__Materials provided__:
........
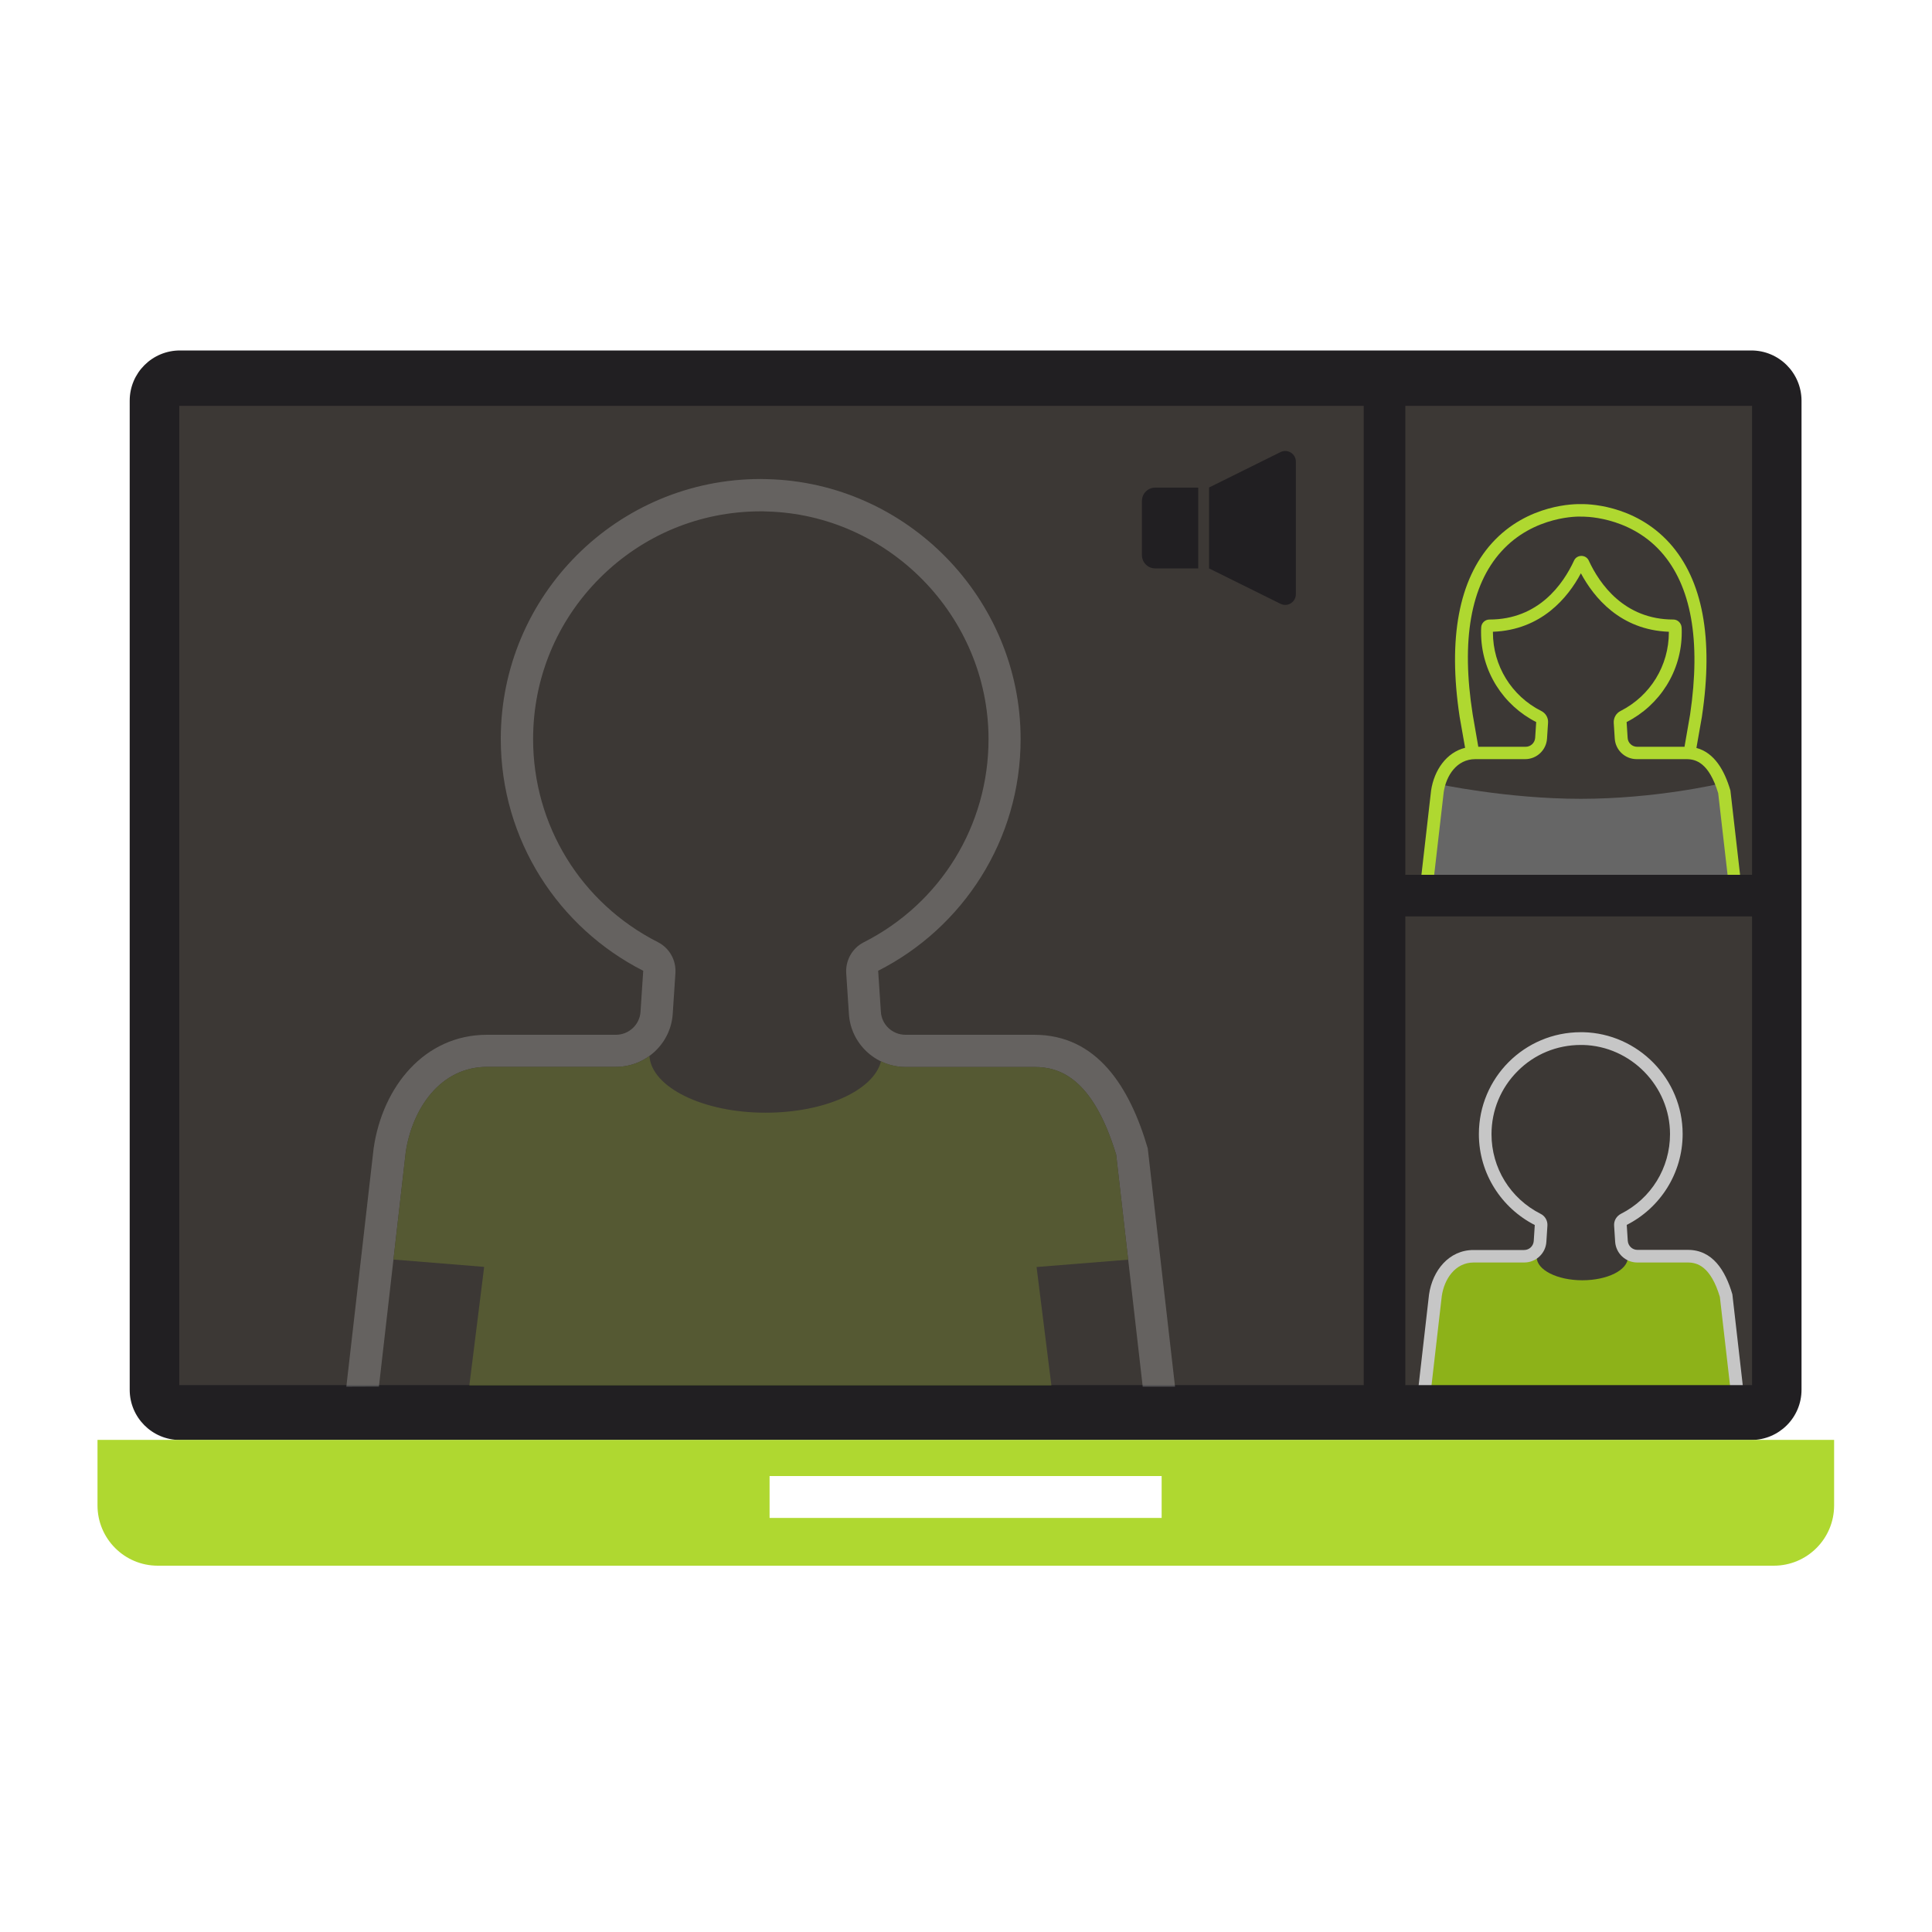 <?xml version="1.0" encoding="utf-8"?>
<!-- Generator: Adobe Illustrator 26.0.0, SVG Export Plug-In . SVG Version: 6.00 Build 0)  -->
<svg version="1.1" id="Ebene_1" xmlns="http://www.w3.org/2000/svg" xmlns:xlink="http://www.w3.org/1999/xlink" x="0px" y="0px"
	 viewBox="0 0 1500 1500" style="enable-background:new 0 0 1500 1500;" xml:space="preserve">
<style type="text/css">
	.st0{fill:#3C3835;}
	.st1{fill:#8DB219;}
	.st2{fill:#C6C6C6;}
	.st3{fill:#666666;}
	.st4{fill:#AFD830;}
	.st5{fill:#211F22;}
	.st6{opacity:0.3;}
	.st7{fill:#90A82E;}
</style>
<rect x="122.2" y="296.3" class="st0" width="1257.7" height="798.6"/>
<g>
	<path class="st1" d="M1333.4,984.2c0,0-28.2-9.2-70.7-12.6c0.7,1.4,1.2,3,1.2,4.5c0,10-15.9,17.9-35.4,17.9
		c-19.6,0-35.4-8.1-35.4-17.9c0-1.4,0.3-2.7,0.9-4c-41.7,3.7-73.3,12.1-73.3,12.1l-14.9,93H1349L1333.4,984.2z"/>
	<path class="st2" d="M1111.2,1077.5l8.2-71.3c1.9-13,10.3-26,24.8-26h39.2c9.1,0,16.7-7.1,17.2-16.1l0.8-12.4
		c0.3-3.9-1.8-7.6-5.3-9.3c-23.5-11.9-38.1-35.6-38.1-61.8c0-18.5,7.2-35.9,20.3-49c13-13.1,30.5-20.3,49-20.3c0.5,0,1.1,0,1.7,0
		c37.2,0.9,67.6,32,67.6,69.2c0,26.3-14.6,50-38.1,61.9c-3.5,1.8-5.6,5.4-5.3,9.3l0.8,12.4c0.6,9.1,8.2,16.1,17.2,16.1h39.2
		c7.2,0,17.7,2.8,24.9,26.7l8.1,70.6h9.9l-8.3-72.6c-5.5-18.8-15.5-34.5-34.5-34.5h-39.2c-4,0-7.2-3.1-7.5-7L1263,951
		c25.7-13,43.4-39.8,43.4-70.6c0-42.7-34.5-78-77.2-79c-0.6,0-1.3,0-1.9,0c-43.7,0-79.1,35.4-79.1,79.1c0,30.8,17.7,57.5,43.4,70.6
		l-0.8,12.4c-0.3,4-3.5,7-7.5,7H1144c-19,0-31.8,15.9-34.5,34.5l-8.3,72.6L1111.2,1077.5L1111.2,1077.5z"/>
	<path class="st3" d="M1334.6,608.6c0,0-49.1,11.6-107.2,11.6S1116,608.6,1116,608.6l-8.4,76.5h239.7L1334.6,608.6z"/>
	<path class="st4" d="M1112.8,685.3l8.1-70.3c1.9-12.8,10.1-25.6,24.5-25.6h38.7c9,0,16.4-7,17-15.9l0.8-12.3
		c0.3-3.9-1.8-7.5-5.3-9.2c-23.1-11.7-37.5-35.1-37.5-61c0-0.2,0-0.3,0-0.5c37.7-1.4,58.3-26.6,68.3-45.4
		c10.1,18.8,30.6,44,68.3,45.4c0,0.1,0,0.3,0,0.4c0,25.9-14.3,49.3-37.5,61.1c-3.4,1.7-5.5,5.3-5.3,9.2l0.8,12.3
		c0.6,9,8.1,15.9,17,15.9h38.7c7.2,0,17.4,2.7,24.6,26.4l8,69.6h9.7l-8.2-71.6c-4.6-15.8-12.5-29.4-26.4-33.1l4.3-24.5v-0.1
		c9.1-60.7,0.5-105.9-25.1-134.4c-27.8-30.8-65.5-30.4-69-30.3c-3.5-0.1-41.2-0.5-69,30.3c-25.6,28.4-34.2,73.8-25.1,134.4v0.1
		l4.3,24.4c-14.5,3.6-24,17.3-26.4,33.1l-8.2,71.6L1112.8,685.3L1112.8,685.3z M1165.5,428.3c25.5-28.4,61.3-27.3,61.7-27.2
		c0.1,0,0.3,0,0.5,0c0.4,0,36.3-1.1,61.8,27.2c23.6,26.3,31.2,68.8,22.7,126.4l-4.3,24.8c0,0.1,0,0.2,0,0.3h-36.8
		c-3.9,0-7.2-3-7.4-6.9l-0.8-12.3c25.4-12.9,42.8-39.2,42.8-69.6c0-1.3,0-2.5-0.1-3.8c-0.2-3.4-3-6.2-6.4-6.2
		c-38.1,0-57.3-27.6-65.7-45.8c-1.1-2.4-3.4-3.6-5.7-3.6c-2.3,0-4.6,1.2-5.7,3.6c-8.4,18.2-27.5,45.8-65.7,45.8l0,0
		c-3.4,0-6.3,2.7-6.4,6.2c-0.1,1.3-0.1,2.5-0.1,3.8c0,30.4,17.4,56.7,42.8,69.6l-0.8,12.3c-0.3,3.9-3.5,6.9-7.4,6.9h-36.8
		c0-0.1,0-0.2,0-0.3l-4.3-24.8C1134.3,497,1141.9,454.5,1165.5,428.3z"/>
	<path class="st5" d="M1359.7,272.1h-1220c-21.5,0-39,17.4-39,39V1079c0,21.5,17.4,39,39,39h1220c21.5,0,39-17.4,39-39V311
		C1398.6,289.5,1381.2,272.1,1359.7,272.1z M1360.3,1075.4H139.2V315.1h1221.1L1360.3,1075.4L1360.3,1075.4z"/>
	<path class="st4" d="M75.7,1117.9v50.9c0,25.8,20.9,46.8,46.8,46.8h1254.7c25.8,0,46.8-20.9,46.8-46.8v-50.9H75.7z M901.9,1178.5
		H597.5V1146h304.4V1178.5z"/>
	<rect x="1058.8" y="309.1" class="st5" width="32.3" height="793"/>
	<rect x="1075" y="679.2" class="st5" width="304.9" height="32.3"/>
	<g class="st6">
		<path class="st2" d="M294.2,1076.5L315,894.6c4.9-33.1,26.4-66.3,63.3-66.3h100c23.1,0,42.5-18.1,44-41.1l2.1-31.8
			c0.6-10-4.7-19.4-13.6-23.9c-59.8-30.4-96.9-90.8-96.9-157.7c0-47.2,18.4-91.6,51.8-125s77.8-51.8,125-51.8c1.4,0,2.9,0,4.3,0.1
			c95,2.3,172.4,81.5,172.5,176.7c0,67-37.1,127.5-96.9,157.8c-8.9,4.5-14.2,14-13.6,23.9l2.1,31.8c1.5,23.1,20.8,41.1,44,41.1h100
			c18.5,0,45,7.2,63.5,68.1l20.6,180.1h25.1l-21.2-185.1c-14-47.7-39.4-88.1-88.1-88.1H703c-10.1,0-18.5-7.8-19.1-17.9l-2.1-31.8
			c65.7-33.3,110.7-101.5,110.6-180.1c-0.1-108.8-88.1-199-196.9-201.6c-1.6,0-3.3-0.1-4.9-0.1c-111.4,0-201.8,90.3-201.8,201.8
			c0,78.6,45,146.7,110.6,180l-2.1,31.8c-0.6,10.1-9.1,17.9-19.1,17.9h-100c-48.7,0-81.2,40.4-88.1,88.1l-21.2,185.1L294.2,1076.5
			L294.2,1076.5z"/>
		<path class="st7" d="M875.9,978l-9.3-81.5c-18.5-60.9-45-68.1-63.5-68.1h-100c-6.8,0-13.3-1.6-19.1-4.4
			c-5.7,22.6-43.6,39.9-89.6,39.9c-48.7,0-88.4-19.7-90.2-44c-7.3,5.3-16.3,8.4-25.9,8.4h-100c-36.9,0-58.4,33.2-63.3,66.3
			l-9.5,83.3l70.4,5.7l-11.5,92.1h451.9l-11.5-92L875.9,978z"/>
	</g>
</g>
<g>
	<path class="st5" d="M930.3,441.3h-33.4c-5.7,0-10.3-4.6-10.3-10.3v-42.1c0-5.7,4.6-10.3,10.3-10.3h33.4V441.3z"/>
	<path class="st5" d="M994.2,468.8l-55.5-27.5v-62.8l55.5-27.5c5.5-2.7,11.9,1.3,11.9,7.4v102.9
		C1006.1,467.5,999.7,471.5,994.2,468.8z"/>
</g>
</svg>
........
__About this exercise__: Could you copy each line in the listing above that includes the word "width"?

__Exercise response__:
<rect x="122.2" y="296.3" class="st0" width="1257.7" height="798.6"/>
	<rect x="1058.8" y="309.1" class="st5" width="32.3" height="793"/>
	<rect x="1075" y="679.2" class="st5" width="304.9" height="32.3"/>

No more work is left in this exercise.